[WORK REQUIRED]: Produce a word-for-word copy of the listing below without its pictures.

[MATERIAL SUPPLIED]:
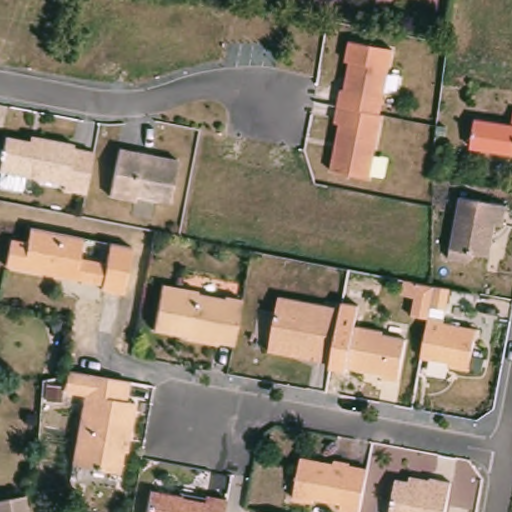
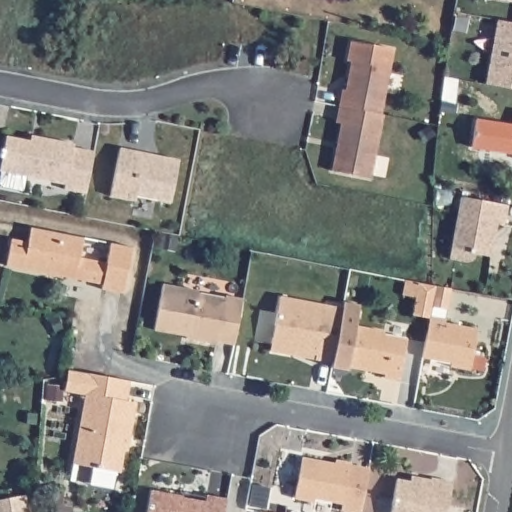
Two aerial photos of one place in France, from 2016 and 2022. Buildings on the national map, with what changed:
new [(512,1),(504,0),(512,0),(512,1)]
new [(512,88),(486,84),(497,21),(512,24),(512,88)]
unchanged [(341,89),(345,90),(350,61),(346,61),(349,41),(392,49),(380,114),(337,106),(341,89)]
unchanged [(370,179),(331,172),(340,124),(335,124),(337,106),(380,114),(381,114),(382,115),(370,179)]
unchanged [(479,120),(512,125),(512,153),(476,148),(479,120)]
unchanged [(0,172),(0,162),(1,160),(0,159),(0,150),(2,150),(5,136),(29,140),(38,142),(39,139),(72,145),(72,149),(92,153),(87,181),(86,187),(85,195),(62,190),(64,185),(0,172)]
unchanged [(136,196),(135,201),(110,197),(120,149),(178,160),(170,203),(136,196)]
unchanged [(475,254),(474,255),(473,256),(473,258),(472,259),(471,260),(470,260),(469,261),(467,262),(466,262),(465,262),(464,262),(463,262),(448,260),(460,196),(506,205),(502,225),(495,224),(489,256),(475,254)]
unchanged [(122,295),(101,290),(102,285),(5,266),(10,240),(27,243),(30,228),(82,239),(78,258),(105,264),(109,244),(131,248),(122,295)]
unchanged [(233,345),(217,343),(217,345),(185,340),(185,337),(153,331),(161,285),(197,292),(197,295),(224,300),(224,297),(242,300),(233,345)]
unchanged [(435,286),(450,290),(446,310),(431,307),(435,286)]
unchanged [(269,352),(279,297),(342,309),(331,363),(314,360),(292,356),(269,352)]
unchanged [(469,370),(450,367),(450,363),(421,358),(423,347),(429,317),(443,320),(443,323),(477,330),(469,370)]
unchanged [(353,326),(383,332),(382,335),(406,340),(398,381),(383,378),(383,375),(346,368),(353,326)]
unchanged [(482,370),(471,369),(473,357),(483,359),(482,370)]
unchanged [(124,447),(120,472),(72,464),(86,395),(65,391),(66,380),(67,370),(112,378),(130,381),(126,401),(136,403),(132,422),(127,447),(124,447)]
unchanged [(343,512),(341,511),(342,505),(313,500),(312,503),(293,500),(301,458),(334,465),(335,461),(350,463),(349,466),(367,470),(360,512),(343,512)]
unchanged [(389,512),(395,480),(428,486),(430,478),(451,482),(445,512),(389,512)]
unchanged [(204,500),(205,493),(226,497),(223,512),(145,512),(150,490),(204,500)]
unchanged [(0,512),(0,500),(25,495),(28,512),(0,512)]

[REPLY TO THE TASK]:
Two aerial photos of one place in France, from 2016 and 2022. Buildings on the national map, with what changed:
new [(512,1),(504,0),(512,0),(512,1)]
new [(512,88),(486,84),(497,21),(512,24),(512,88)]
unchanged [(341,89),(345,90),(350,61),(346,61),(349,41),(392,49),(380,114),(337,106),(341,89)]
unchanged [(370,179),(331,172),(340,124),(335,124),(337,106),(380,114),(381,114),(382,115),(370,179)]
unchanged [(479,120),(512,125),(512,153),(476,148),(479,120)]
unchanged [(0,172),(0,162),(1,160),(0,159),(0,150),(2,150),(5,136),(29,140),(38,142),(39,139),(72,145),(72,149),(92,153),(87,181),(86,187),(85,195),(62,190),(64,185),(0,172)]
unchanged [(136,196),(135,201),(110,197),(120,149),(178,160),(170,203),(136,196)]
unchanged [(475,254),(474,255),(473,256),(473,258),(472,259),(471,260),(470,260),(469,261),(467,262),(466,262),(465,262),(464,262),(463,262),(448,260),(460,196),(506,205),(502,225),(495,224),(489,256),(475,254)]
unchanged [(122,295),(101,290),(102,285),(5,266),(10,240),(27,243),(30,228),(82,239),(78,258),(105,264),(109,244),(131,248),(122,295)]
unchanged [(233,345),(217,343),(217,345),(185,340),(185,337),(153,331),(161,285),(197,292),(197,295),(224,300),(224,297),(242,300),(233,345)]
unchanged [(435,286),(450,290),(446,310),(431,307),(435,286)]
unchanged [(269,352),(279,297),(342,309),(331,363),(314,360),(292,356),(269,352)]
unchanged [(469,370),(450,367),(450,363),(421,358),(423,347),(429,317),(443,320),(443,323),(477,330),(469,370)]
unchanged [(353,326),(383,332),(382,335),(406,340),(398,381),(383,378),(383,375),(346,368),(353,326)]
unchanged [(482,370),(471,369),(473,357),(483,359),(482,370)]
unchanged [(124,447),(120,472),(72,464),(86,395),(65,391),(66,380),(67,370),(112,378),(130,381),(126,401),(136,403),(132,422),(127,447),(124,447)]
unchanged [(343,512),(341,511),(342,505),(313,500),(312,503),(293,500),(301,458),(334,465),(335,461),(350,463),(349,466),(367,470),(360,512),(343,512)]
unchanged [(389,512),(395,480),(428,486),(430,478),(451,482),(445,512),(389,512)]
unchanged [(204,500),(205,493),(226,497),(223,512),(145,512),(150,490),(204,500)]
unchanged [(0,512),(0,500),(25,495),(28,512),(0,512)]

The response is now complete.